Publisher: Random House
ISBN: 0712666230
Category : Cities and towns
Languages : en
Pages : 482
Book Description
Recounts the story of Los Angeles. He tells a tale of greed, manipulation, power and prejudice that has made Los Angeles one of the most cosmopolitan and most class-divided cities in the United States.
Chronicles of Old Los Angeles
Author: James Roman
Publisher: Museyon
ISBN: 1938450760
Category : History
Languages : en
Pages : 305
Book Description
There's more to Los Angeles than lights, camera, action! From the city's early, devilish days populated by missionaries, robber barons, oil wells and orange groves, Chronicles of Old Los Angeles explains how the Wild West became the Left Coast. Learn how Alta California became the 31st state, and how ethnic waves built Los Angeles—from Native Americans to Spaniards, Latinos and Asians, followed by gangsters, surfers, architects and the Hollywood pioneers who brought fame to the City of the Angels. Then, discover the city yourself with six guided walking/driving tours of LA's historic neighborhoods, profusely illustrated with color photographs and period maps.
Publisher: Museyon
ISBN: 1938450760
Category : History
Languages : en
Pages : 305
Book Description
There's more to Los Angeles than lights, camera, action!
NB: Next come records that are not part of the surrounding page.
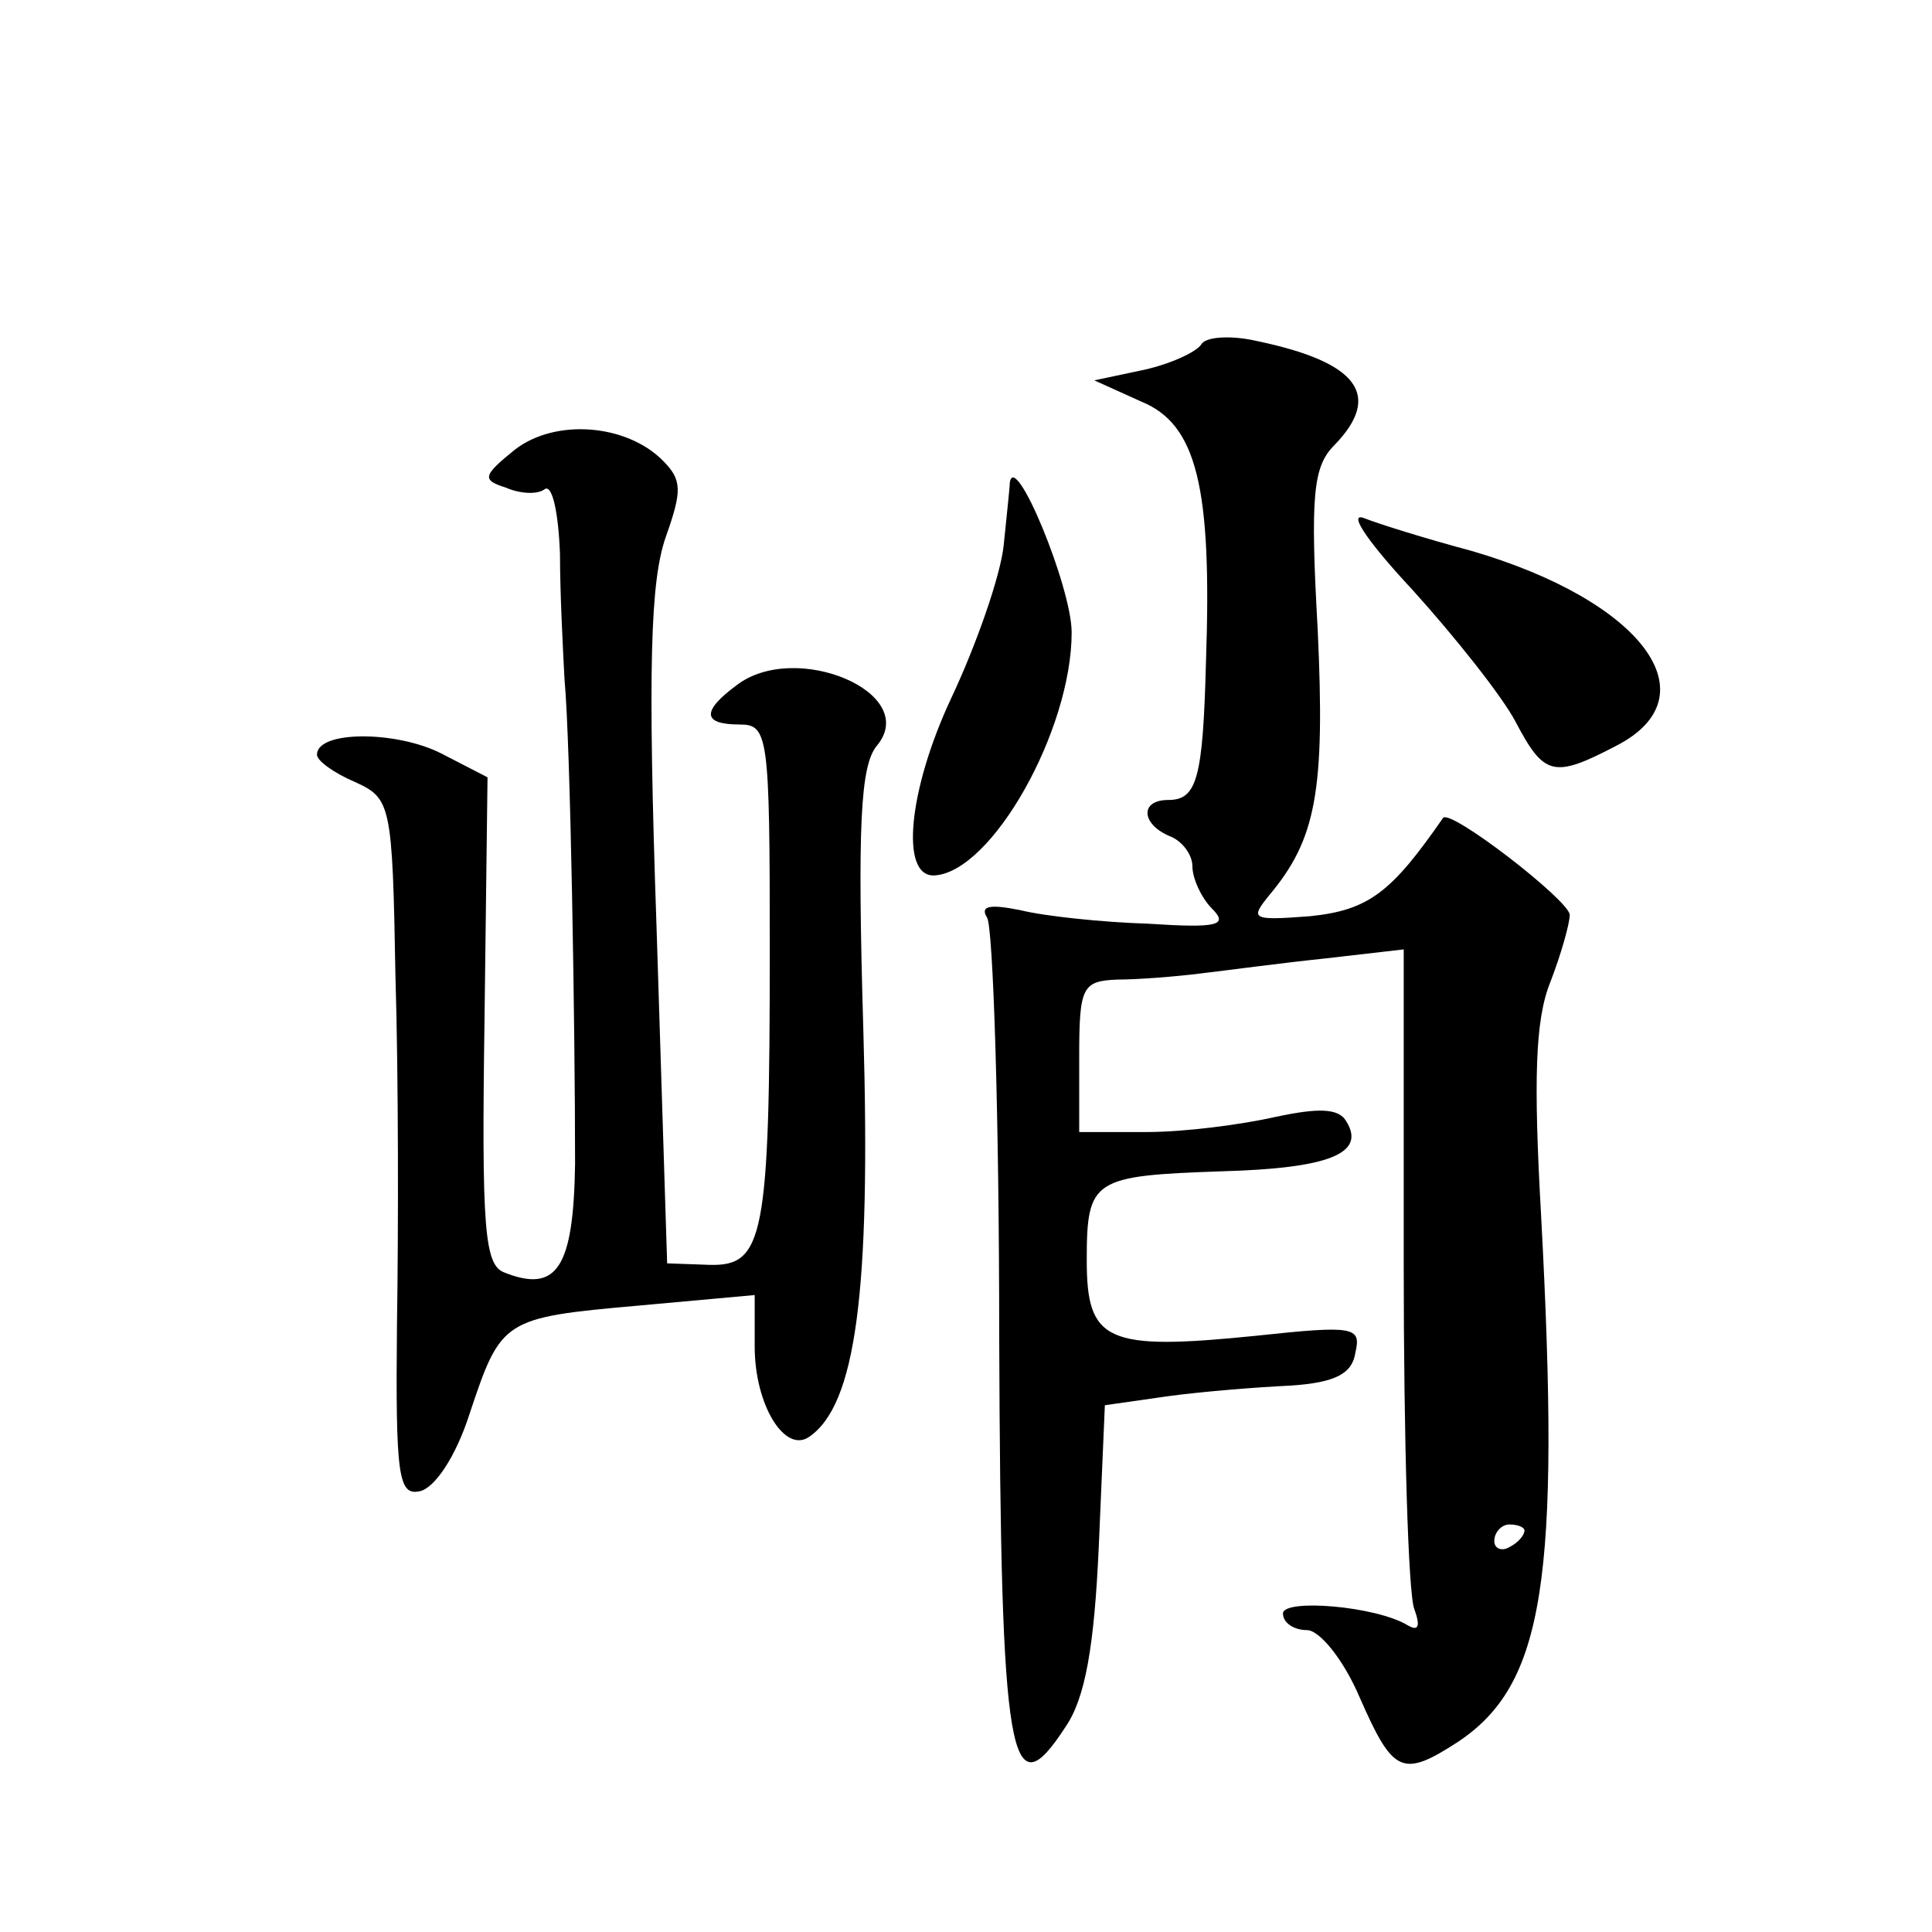 <?xml version="1.0" standalone="no"?>
<!DOCTYPE svg PUBLIC "-//W3C//DTD SVG 20010904//EN"
 "http://www.w3.org/TR/2001/REC-SVG-20010904/DTD/svg10.dtd">
<svg version="1.0" xmlns="http://www.w3.org/2000/svg"
 width="128pt" height="128pt" viewBox="0 0 128 128"
 preserveAspectRatio="xMidYMid meet">
<g transform="translate(0,128) scale(0.1,-0.1)"
fill="#0" stroke="none">
<path d="M796 1052 c-3 -5 -20 -13 -38 -17 l-33 -7 31 -14 c37 -15 47 -57 43 -172
-2 -78 -6 -92 -25 -92 -19 0 -18 -16 1 -24 8 -3 15 -12 15 -20 0 -8 6 -21 13 -28
11 -11 4 -13 -42 -10 -31 1 -69 5 -85 9 -20 4 -27 3 -22 -5 4 -7 8 -131 8 -277
1 -284 7 -316 44 -259 13 19 19 53 22 120 l4 93 42 6 c22 3 59 6 81 7 30 2 41 8
43 22 4 17 -1 18 -66 11 -99 -10 -112 -4 -112 50 0 54 4 56 90 59 71 2 95 12 82
33 -5 9 -19 9 -47 3 -22 -5 -60 -10 -85 -10 l-45 0 0 50 c0 46 2 50 25 51 14 0
39 2 55 4 17 2 54 7 83 10 l52 6 0 -209 c0 -116 3 -218 7 -228 4 -11 3 -15 -4 -11
-21 13 -83 18 -83 8 0 -6 7 -11 16 -11 8 0 24 -19 35 -45 22 -50 28 -53 65 -29
57 38 68 107 55 349 -5 89 -4 129 6 154 7 18 13 39 13 45 -1 10 -80 71 -84 64 -34
-49 -49 -61 -88 -65 -39 -3 -40 -2 -27 14 31 37 37 69 32 176 -5 89 -3 108 11 122
32 33 16 55 -51 69 -17 4 -34 3 -37 -2z m214 -786 c0 -3 -4 -8 -10 -11 -5 -3 -10
-1 -10 4 0 6 5 11 10 11 6 0 10 -2 10 -4z M341 982 c-21 -17 -22 -20 -6 -25 9 -4
21 -5 26 -1 5 3 9 -16 10 -43 0 -26 2 -64 3 -83 4 -43 7 -231 7 -321 -1 -69 -12
-86 -47 -72 -13 5 -15 29 -13 167 l2 161 -31 16 c-30 15 -82 15 -82 -1 0 -4 11
-12 25 -18 24 -11 25 -14 27 -129 2 -65 2 -169 1 -231 -1 -100 1 -113 15 -110 10
2 24 23 33 51 21 63 22 64 112 72 l77 7 0 -34 c0 -39 20 -71 36 -60 31 21 41 96
36 269 -4 136 -2 176 9 189 29 35 -54 70 -93 40 -23 -17 -23 -26 2 -26 19 0 20
-7 20 -149 0 -191 -4 -210 -40 -209 l-28 1 -7 222 c-6 174 -4 230 6 259 11 31 11
38 -2 51 -24 24 -71 28 -98 7z M669 960 c0 -3 -2 -21 -4 -41 -2 -20 -18 -66 -35
-102 -28 -60 -34 -118 -11 -117 38 2 91 96 91 161 0 30 -38 122 -41 99z M936 889
c28 -31 59 -70 68 -87 19 -36 25 -38 67 -16 64 33 17 96 -96 129 -30 8 -62 18 -72
22 -10 3 5 -18 33 -48z"/>
</g>
</svg>

From the city's early, devilish days populated by missionaries, robber barons, oil wells and orange groves, Chronicles of Old Los Angeles explains how the Wild West became the Left Coast. Learn how Alta California became the 31st state, and how ethnic waves built Los Angeles—from Native Americans to Spaniards, Latinos and Asians, followed by gangsters, surfers, architects and the Hollywood pioneers who brought fame to the City of the Angels. Then, discover the city yourself with six guided walking/driving tours of LA's historic neighborhoods, profusely illustrated with color photographs and period maps.